# What to produce:
Output each line of the material exactly as it stands.

Records for this task section start

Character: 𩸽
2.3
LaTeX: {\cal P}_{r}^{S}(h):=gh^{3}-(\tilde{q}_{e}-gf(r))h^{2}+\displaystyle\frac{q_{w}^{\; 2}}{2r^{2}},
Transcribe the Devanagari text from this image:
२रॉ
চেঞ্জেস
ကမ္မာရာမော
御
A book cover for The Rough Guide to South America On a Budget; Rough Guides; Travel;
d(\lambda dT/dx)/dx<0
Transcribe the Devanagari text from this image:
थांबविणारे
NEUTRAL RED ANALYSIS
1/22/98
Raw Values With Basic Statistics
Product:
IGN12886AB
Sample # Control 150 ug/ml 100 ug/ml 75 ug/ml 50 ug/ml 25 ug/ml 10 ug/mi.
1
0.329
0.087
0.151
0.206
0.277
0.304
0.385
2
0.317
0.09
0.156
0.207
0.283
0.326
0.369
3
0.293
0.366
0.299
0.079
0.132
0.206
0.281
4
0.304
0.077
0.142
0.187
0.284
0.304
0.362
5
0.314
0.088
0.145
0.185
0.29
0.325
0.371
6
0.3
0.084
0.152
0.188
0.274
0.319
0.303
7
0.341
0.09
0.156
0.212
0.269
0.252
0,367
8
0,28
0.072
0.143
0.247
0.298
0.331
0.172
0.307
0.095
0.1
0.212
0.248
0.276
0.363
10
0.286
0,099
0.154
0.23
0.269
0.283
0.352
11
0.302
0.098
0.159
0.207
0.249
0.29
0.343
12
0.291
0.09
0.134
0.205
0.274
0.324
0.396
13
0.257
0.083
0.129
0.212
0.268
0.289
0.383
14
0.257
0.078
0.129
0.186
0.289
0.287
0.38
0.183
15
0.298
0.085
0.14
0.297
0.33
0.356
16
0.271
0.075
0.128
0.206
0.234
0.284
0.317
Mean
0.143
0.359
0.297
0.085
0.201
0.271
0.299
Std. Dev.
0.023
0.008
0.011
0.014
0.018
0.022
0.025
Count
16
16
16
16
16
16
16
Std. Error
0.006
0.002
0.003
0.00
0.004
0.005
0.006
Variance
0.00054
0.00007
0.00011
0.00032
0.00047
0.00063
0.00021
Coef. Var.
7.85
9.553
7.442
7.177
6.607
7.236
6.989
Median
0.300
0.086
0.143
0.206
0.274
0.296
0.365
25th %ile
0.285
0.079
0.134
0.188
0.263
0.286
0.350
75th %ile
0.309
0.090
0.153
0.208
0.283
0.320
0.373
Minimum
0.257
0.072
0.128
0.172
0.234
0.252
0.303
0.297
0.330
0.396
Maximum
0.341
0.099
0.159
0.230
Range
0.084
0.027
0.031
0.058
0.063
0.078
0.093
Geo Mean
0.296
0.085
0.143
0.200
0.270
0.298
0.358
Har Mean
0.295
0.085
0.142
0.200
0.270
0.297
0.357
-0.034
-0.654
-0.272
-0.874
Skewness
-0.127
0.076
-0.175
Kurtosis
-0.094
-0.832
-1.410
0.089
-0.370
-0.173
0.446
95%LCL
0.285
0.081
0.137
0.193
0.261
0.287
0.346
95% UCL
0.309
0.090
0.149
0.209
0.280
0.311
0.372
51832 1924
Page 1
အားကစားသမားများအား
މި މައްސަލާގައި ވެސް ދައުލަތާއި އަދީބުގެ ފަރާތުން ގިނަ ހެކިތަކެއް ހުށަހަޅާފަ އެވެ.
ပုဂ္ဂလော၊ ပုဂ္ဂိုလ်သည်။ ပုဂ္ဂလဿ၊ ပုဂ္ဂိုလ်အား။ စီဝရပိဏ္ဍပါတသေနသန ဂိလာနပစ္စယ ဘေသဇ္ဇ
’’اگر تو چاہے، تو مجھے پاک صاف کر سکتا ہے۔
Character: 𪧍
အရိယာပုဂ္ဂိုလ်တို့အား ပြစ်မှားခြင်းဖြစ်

Records for this task section end

# Output for this exercise:
Character: 𩸽
2.3
LaTeX: {\cal P}_{r}^{S}(h):=gh^{3}-(\tilde{q}_{e}-gf(r))h^{2}+\displaystyle\frac{q_{w}^{\; 2}}{2r^{2}},
Transcribe the Devanagari text from this image:
२रॉ
চেঞ্জেস
ကမ္မာရာမော
御
A book cover for The Rough Guide to South America On a Budget; Rough Guides; Travel;
d(\lambda dT/dx)/dx<0
Transcribe the Devanagari text from this image:
थांबविणारे
NEUTRAL RED ANALYSIS
1/22/98
Raw Values With Basic Statistics
Product:
IGN12886AB
Sample # Control 150 ug/ml 100 ug/ml 75 ug/ml 50 ug/ml 25 ug/ml 10 ug/mi.
1
0.329
0.087
0.151
0.206
0.277
0.304
0.385
2
0.317
0.09
0.156
0.207
0.283
0.326
0.369
3
0.293
0.366
0.299
0.079
0.132
0.206
0.281
4
0.304
0.077
0.142
0.187
0.284
0.304
0.362
5
0.314
0.088
0.145
0.185
0.29
0.325
0.371
6
0.3
0.084
0.152
0.188
0.274
0.319
0.303
7
0.341
0.09
0.156
0.212
0.269
0.252
0,367
8
0,28
0.072
0.143
0.247
0.298
0.331
0.172
0.307
0.095
0.1
0.212
0.248
0.276
0.363
10
0.286
0,099
0.154
0.23
0.269
0.283
0.352
11
0.302
0.098
0.159
0.207
0.249
0.29
0.343
12
0.291
0.09
0.134
0.205
0.274
0.324
0.396
13
0.257
0.083
0.129
0.212
0.268
0.289
0.383
14
0.257
0.078
0.129
0.186
0.289
0.287
0.38
0.183
15
0.298
0.085
0.14
0.297
0.33
0.356
16
0.271
0.075
0.128
0.206
0.234
0.284
0.317
Mean
0.143
0.359
0.297
0.085
0.201
0.271
0.299
Std. Dev.
0.023
0.008
0.011
0.014
0.018
0.022
0.025
Count
16
16
16
16
16
16
16
Std. Error
0.006
0.002
0.003
0.00
0.004
0.005
0.006
Variance
0.00054
0.00007
0.00011
0.00032
0.00047
0.00063
0.00021
Coef. Var.
7.85
9.553
7.442
7.177
6.607
7.236
6.989
Median
0.300
0.086
0.143
0.206
0.274
0.296
0.365
25th %ile
0.285
0.079
0.134
0.188
0.263
0.286
0.350
75th %ile
0.309
0.090
0.153
0.208
0.283
0.320
0.373
Minimum
0.257
0.072
0.128
0.172
0.234
0.252
0.303
0.297
0.330
0.396
Maximum
0.341
0.099
0.159
0.230
Range
0.084
0.027
0.031
0.058
0.063
0.078
0.093
Geo Mean
0.296
0.085
0.143
0.200
0.270
0.298
0.358
Har Mean
0.295
0.085
0.142
0.200
0.270
0.297
0.357
-0.034
-0.654
-0.272
-0.874
Skewness
-0.127
0.076
-0.175
Kurtosis
-0.094
-0.832
-1.410
0.089
-0.370
-0.173
0.446
95%LCL
0.285
0.081
0.137
0.193
0.261
0.287
0.346
95% UCL
0.309
0.090
0.149
0.209
0.280
0.311
0.372
51832 1924
Page 1
အားကစားသမားများအား
މި މައްސަލާގައި ވެސް ދައުލަތާއި އަދީބުގެ ފަރާތުން ގިނަ ހެކިތަކެއް ހުށަހަޅާފަ އެވެ.
ပုဂ္ဂလော၊ ပုဂ္ဂိုလ်သည်။ ပုဂ္ဂလဿ၊ ပုဂ္ဂိုလ်အား။ စီဝရပိဏ္ဍပါတသေနသန ဂိလာနပစ္စယ ဘေသဇ္ဇ
’’اگر تو چاہے، تو مجھے پاک صاف کر سکتا ہے۔
Character: 𪧍
အရိယာပုဂ္ဂိုလ်တို့အား ပြစ်မှားခြင်းဖြစ်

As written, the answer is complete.